The accuracy of cfDNA in identifying chromosomal aneuploidy depends on several factors, including the relative amount of fetal to maternal DNA, the chance that a chromosome abnormality is present (that is, the risk based on maternal age or results of other screening), and other factors such as the presence of twins or a nonviable second fetus, or the presence of placental mosaicism.
Because of these variables, both false-positive and false-negative results can occur, and the test is not diagnostic but rather is considered a screening test. A positive result does not mean that the fetus is definitely affected with aneuploidy.
What are the advantages of cfDNA screening for low-risk patients?

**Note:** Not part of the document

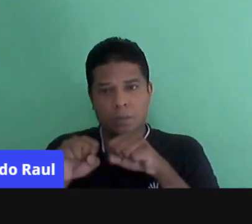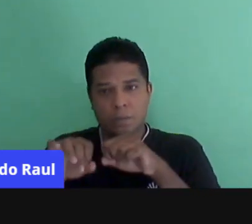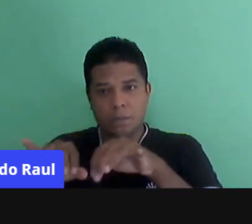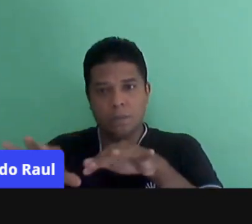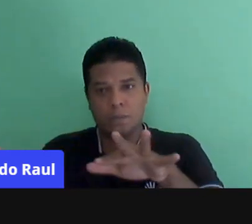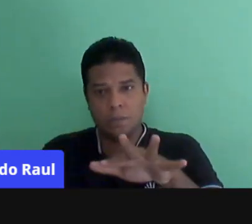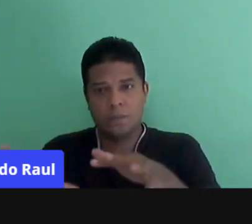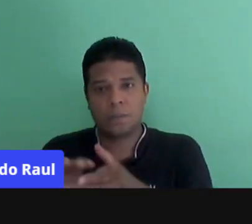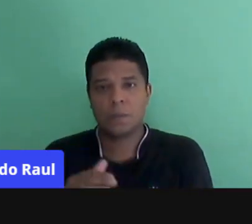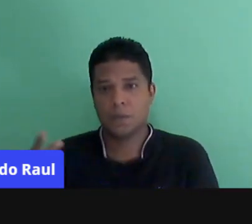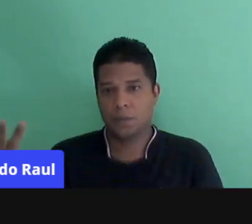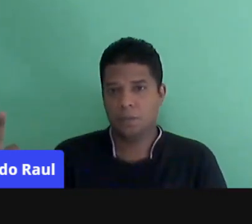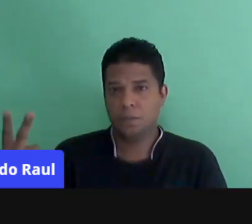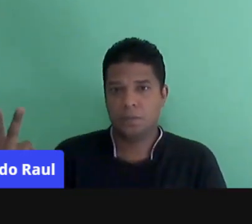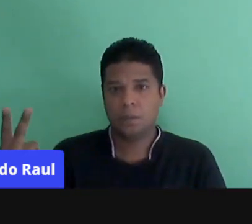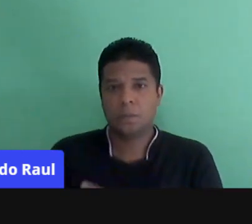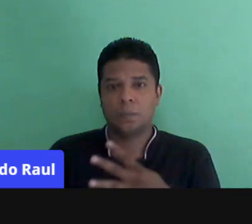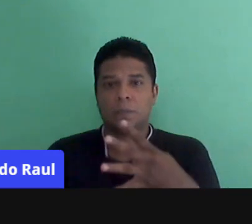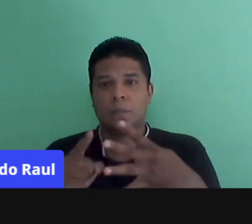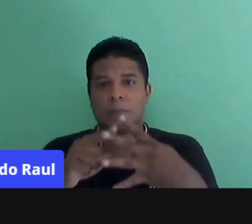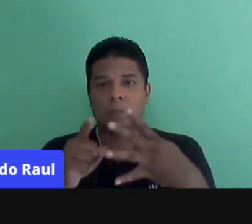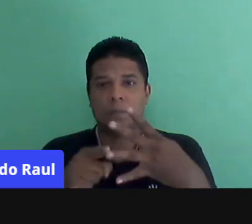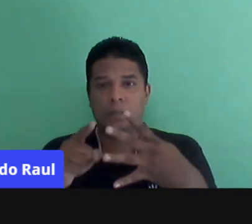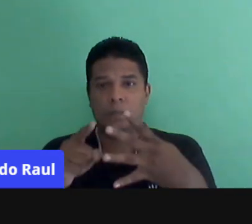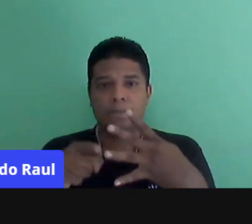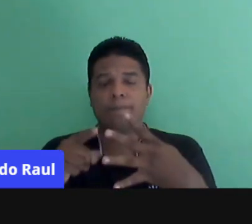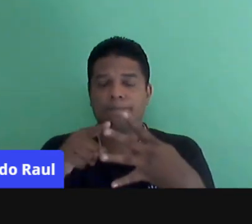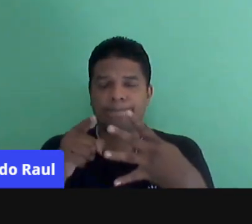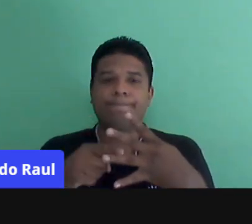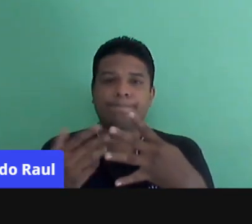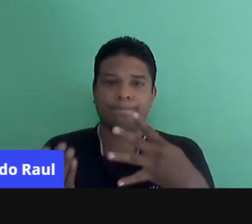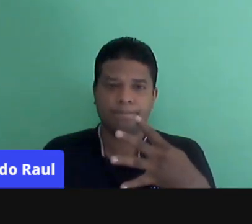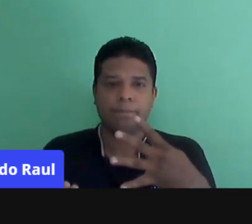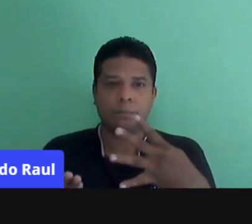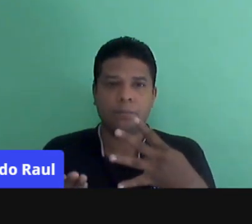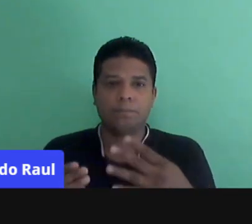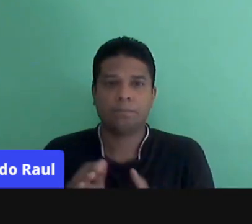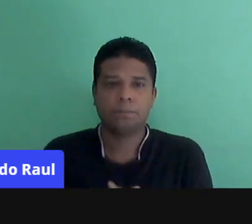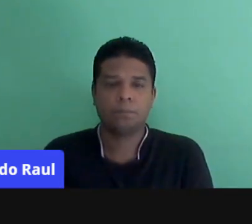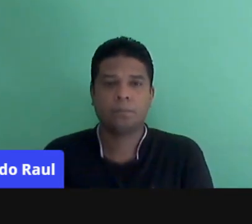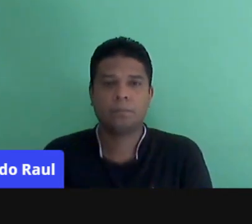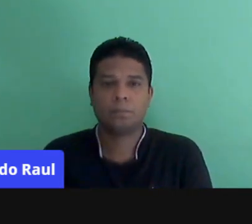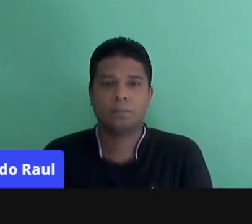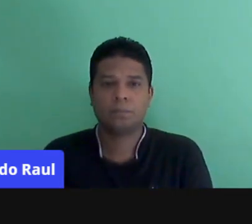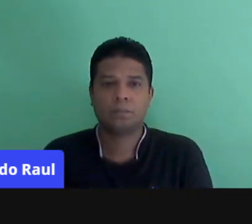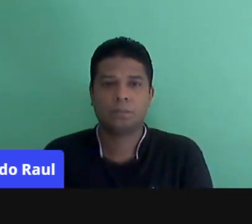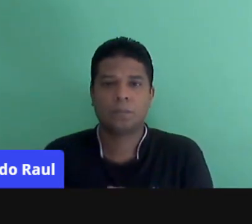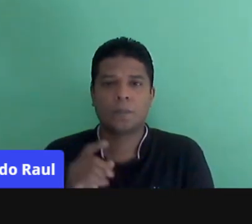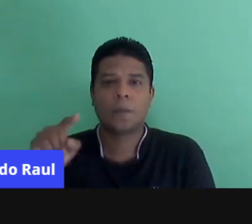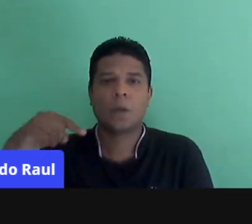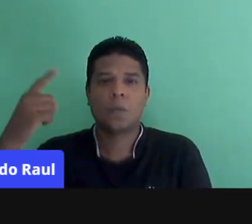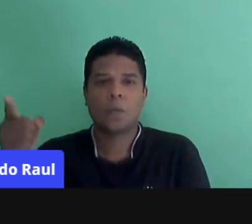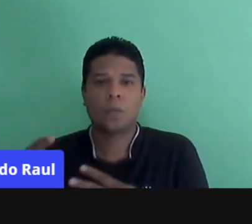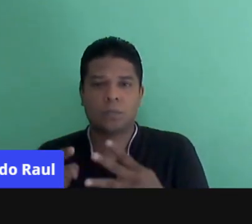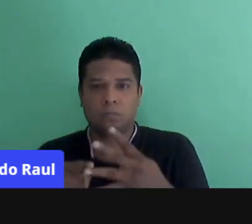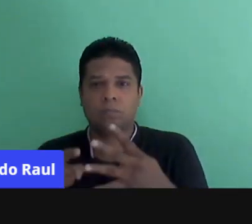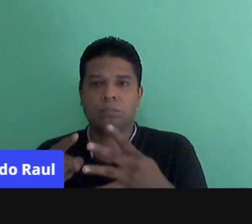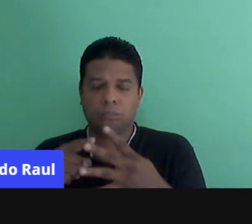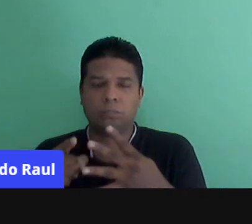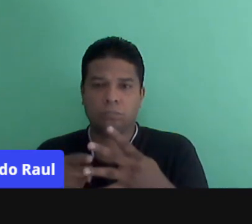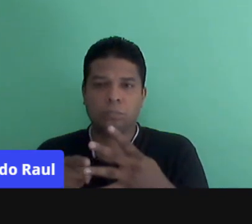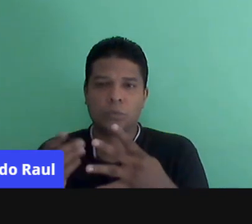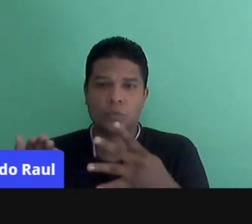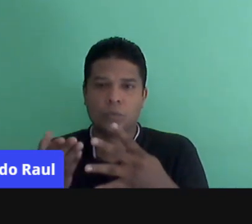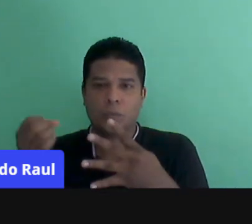Então, esses dois formatos, esses dois paradigmas, eles convivem, inclusive convivem com outros. A gente está fazendo esses dois.

There are several benefits of cfDNA screening versus traditional screening or diagnostic testing, which are the other options available (TABLE 2). For Down syndrome, the detection rate is higher and the false-positive rate is lower than that seen with traditional aneuploidy screening using serum analytes and nuchal translucency ultrasonography.1,2
TABLE 2 Pros and cons of cfDNA screening in low-risk patients
Pros
- High detection rate and very low false-positive rate
- Can be performed any time after 10 weeks’ gestation
- Requires a single blood test at any gestational age
- Results presented in simple “Yes” or “No” format
- As with other screening tests, cfDNA provides a noninvasive determination of risk
Cons
- Tests for a limited range of conditions, which are rare in low-risk patients
- Is not as comprehensive or definitive as diagnostic testing with amniocentesis or chorionic villus sampling
- Results do not adjust for patient’s prior risk
- Positive results require calculation and interpretation of positive predictive value by provider
- Low fetal DNA and other factors can lead to test failure in some cases
- Cannot be used with vanishing twin
- Can reveal unsuspected maternal conditions of uncertain significance
The test can be done any time after 10 weeks’ gestation without the narrow gestational-age windows required or the need for accurate gestational age determination using traditional screening to accurately interpret results. cfDNA screening involves a single blood test that does not require integration with multiple serum markers or ultrasound findings. Finally, results are generally presented in a simple “Yes” or “No” format that is easy for providers and patients to understand.